La nación no es una categoría abstracta, sino histórica. Esto quiere decir, en primer lugar, que la misma se define por ciertas características comunitarias y culturales situadas en una geografía determinada que la vuelve en relación a otros pueblos y naciones. En segundo lugar, la nación es la superación, la síntesis resultante, de contradicciones y antagonismos de sectores sociales en el cual uno de ellos puede llevar adelante su proyecto político presentándolo como general a todo el resto comunitario (esto es lo que se denomina hegemonía). Y, en tercer lugar, y como consecuencia del punto anterior, una vez constituida la nación, la lucha ya no se da entre diferentes facciones económicas o políticas, sino entre el bloque social-nacional hegemónico y aquel que aspira a suplantarlo de cara al futuro.

 

La independencia económica es la base de la soberanía política

La ruptura de la unidad política imperial española y la consecuente balcanización territorial en el siglo XIX se da en el marco de la expansión industrial y la disputa por el control de mercados y recursos naturales. El devenir de cada nueva república latinoamericana fue similar en su desarrollo posterior: guerras civiles y de facciones hasta el surgimiento de una élite nacional capaz de controlar políticamente el territorio (organización institucional del Estado) y llevar adelante un proyecto de desarrollo económico bajo su dirección (control de los medios de producción y disciplinamiento de la fuerza de trabajo).

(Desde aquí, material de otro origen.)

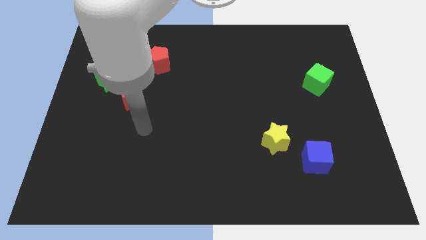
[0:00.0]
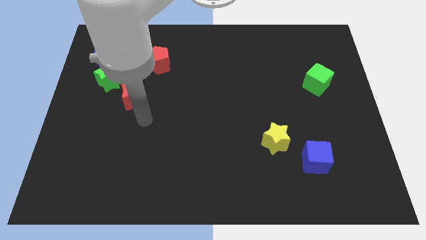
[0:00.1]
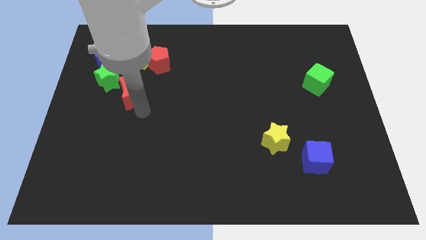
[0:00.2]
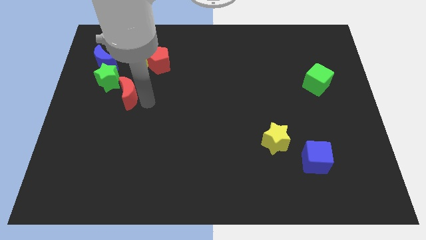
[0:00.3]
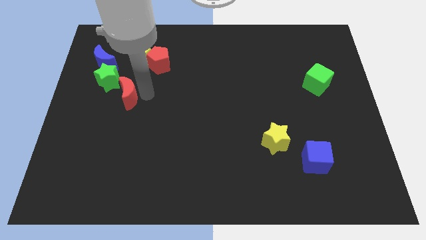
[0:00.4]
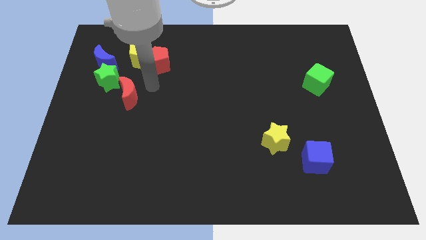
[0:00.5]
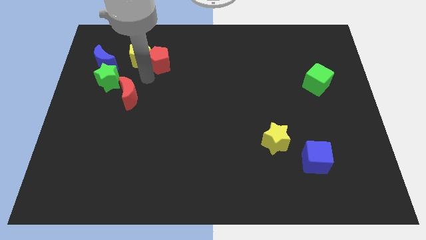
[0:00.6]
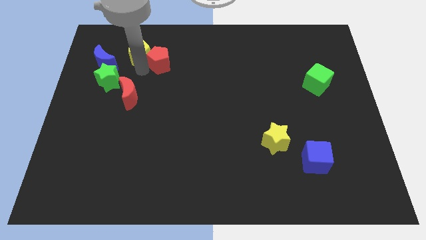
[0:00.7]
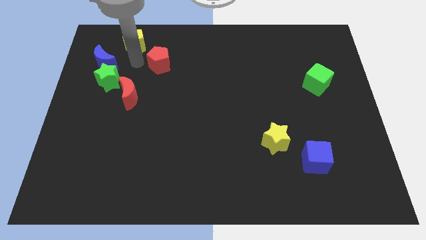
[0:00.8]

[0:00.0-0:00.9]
separate the red pentagon from the yellow pentagon

Para el caso argentino, esa élite estará conformada por la alianza de los terratenientes de la pampa húmeda y el sector portuario exportador, que con el devenir del tiempo conformaran un único sector social: la oligarquía.

Para que la oligarquía fuera capaz de llevar adelante su proyecto de Nación debió vencer por la fuerza de las armas a quienes le disputaban o ponían en cuestión su legitimidad. De esta forma, a la derrota del federalismo le siguió la guerra de exterminio y policía de Mitre sobre el gauchaje; la destrucción de la experiencia autónoma paraguaya y la conquista de la Patagonia y el Chaco. De esta manera, la unificación territorial, la organización de la estructura estatal y el modelo económico de desarrollo son las resultantes del triunfo del proyecto oligárquico: liberal en lo económico (agroexportador y mercado aperturista); anglófilo en su ideología material (alianza política con la corona británica), afrancesado en lo cultural (eurocéntrico y anticriollo); y, autoritario en el ejercicio del mando y control de la propiedad (la institucionalidad fue el ropaje que resguardaba solamente el derecho de las minorías oligárquicas sobre los sectores populares).

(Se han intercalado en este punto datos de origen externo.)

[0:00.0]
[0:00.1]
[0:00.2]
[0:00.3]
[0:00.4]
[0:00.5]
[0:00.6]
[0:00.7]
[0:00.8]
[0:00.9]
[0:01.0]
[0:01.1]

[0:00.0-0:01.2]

El modelo de desarrollo agroexportador, en cuanto garante de la reproducción social de la propia oligarquía, implicaba que en lo político se requiriera una alianza muy fuerte no solo con el mercado británico (como casi único comprador de las materias primas argentinas), sino, y, sobre todo, concesiones en la esfera de lo político a la corona inglesa. La libre navegabilidad de nuestros ríos, hacer la vista gorda sobre la ocupación de Malvinas, las diversas concesiones a los capitales británicos radicados en Argentina y hasta llegar al triste pacto Roca-Runciman, conformaron el andamiaje de lo que Arturo Jauretche denominó como “estatuto legal del coloniaje”.

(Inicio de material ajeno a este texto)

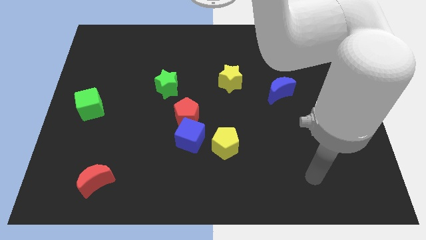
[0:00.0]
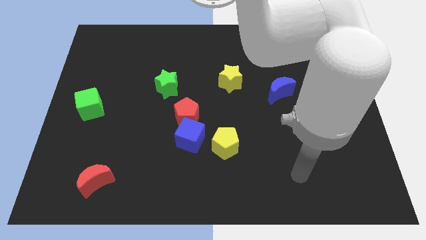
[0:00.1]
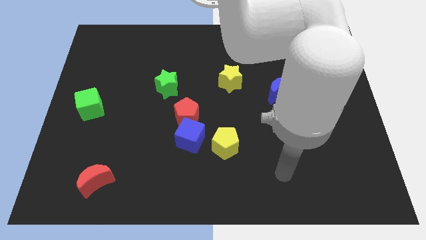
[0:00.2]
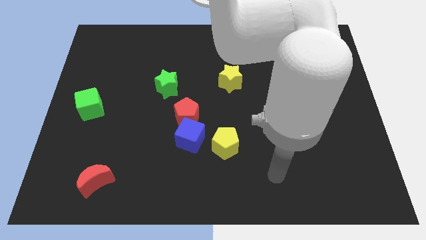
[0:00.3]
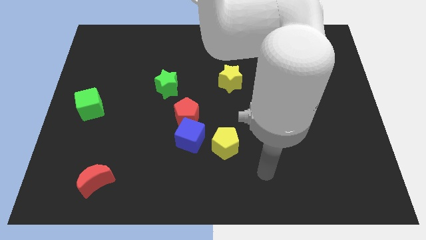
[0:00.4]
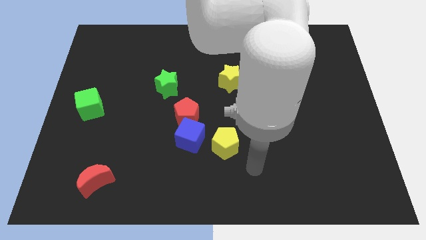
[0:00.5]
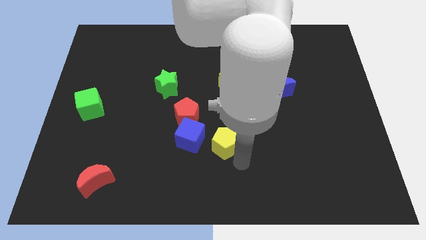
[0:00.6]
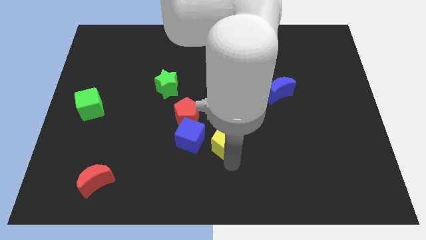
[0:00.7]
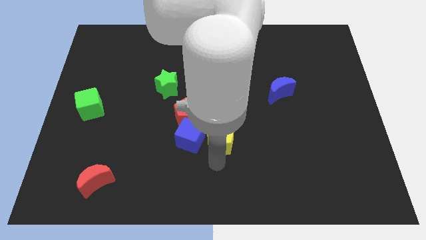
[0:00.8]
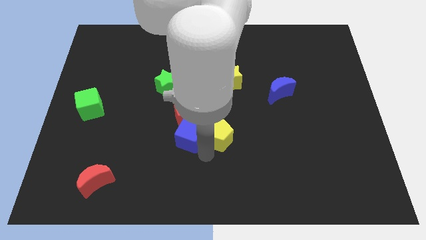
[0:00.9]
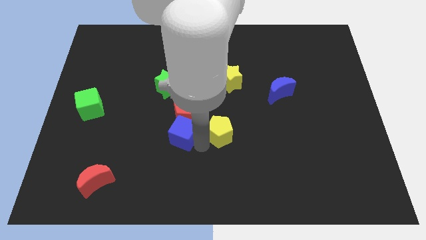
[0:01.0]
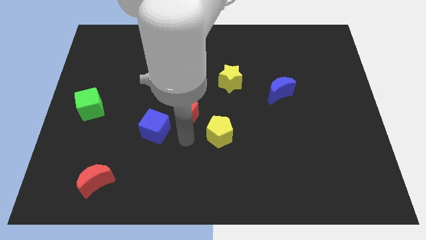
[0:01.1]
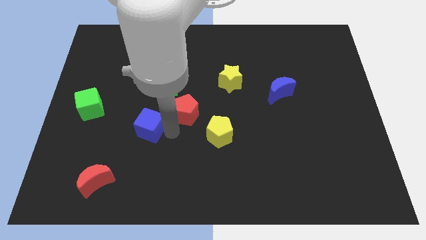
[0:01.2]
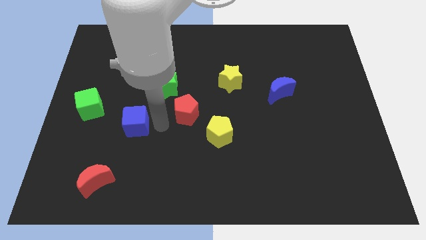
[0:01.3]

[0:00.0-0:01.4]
move the red pentagon away from the blue cube

De esta manera, el régimen oligárquico sólo trajo bienestar a la propia oligarquía y no al conjunto de la población argentina. O si se quiere expresarlo en términos más claros: el desarrollo material de la oligarquía como sector implicó no solo la sujeción de los sectores populares a la misma, sino la cesión por parte de ésta del ejercicio del poder político soberano a Gran Bretaña. La Argentina, como tal, era una colonia más del Imperio Británico.

Es recién con Juan Domingo Perón que la Argentina va a experimentar un cambio sustancial en su fisonomía institucional y social. La Revolución Justicialista implicó el desarrollo de un proyecto nacional contrapuesto al oligárquico liberal. Y es, desde el punto de vista cronológico el segundo proyecto nacional llevado adelante desde la finalización de las guerras civiles del siglo XIX, pero claramente, sus arquitectos y beneficiarios fueron los sectores populares.

Efectivamente, el nacionalismo popular, como una de los basamentos ideológicos del justicialismo encontró en el movimiento obrero organizado y en los sectores industrialistas del ejército, los cuadros adecuados para llevar adelante el proceso de industrialización del país. La nacionalización de los depósitos bancarios, el control estatal sobre el comercio exterior y la nacionalización de los servicios públicos fueron el andamiaje donde el justicialismo construyó un modelo de desarrollo industrialista capaz de garantizar por primera vez en nuestra historia la independencia económica, y, con esta, la real soberanía política.

Es bueno remarcarlo: sin proceso industrial no hay posibilidad de desarrollo económico independiente (ni ayer, ni hoy). Y sin éste, somos incapaces de “ser Nación”, de tener soberanía política.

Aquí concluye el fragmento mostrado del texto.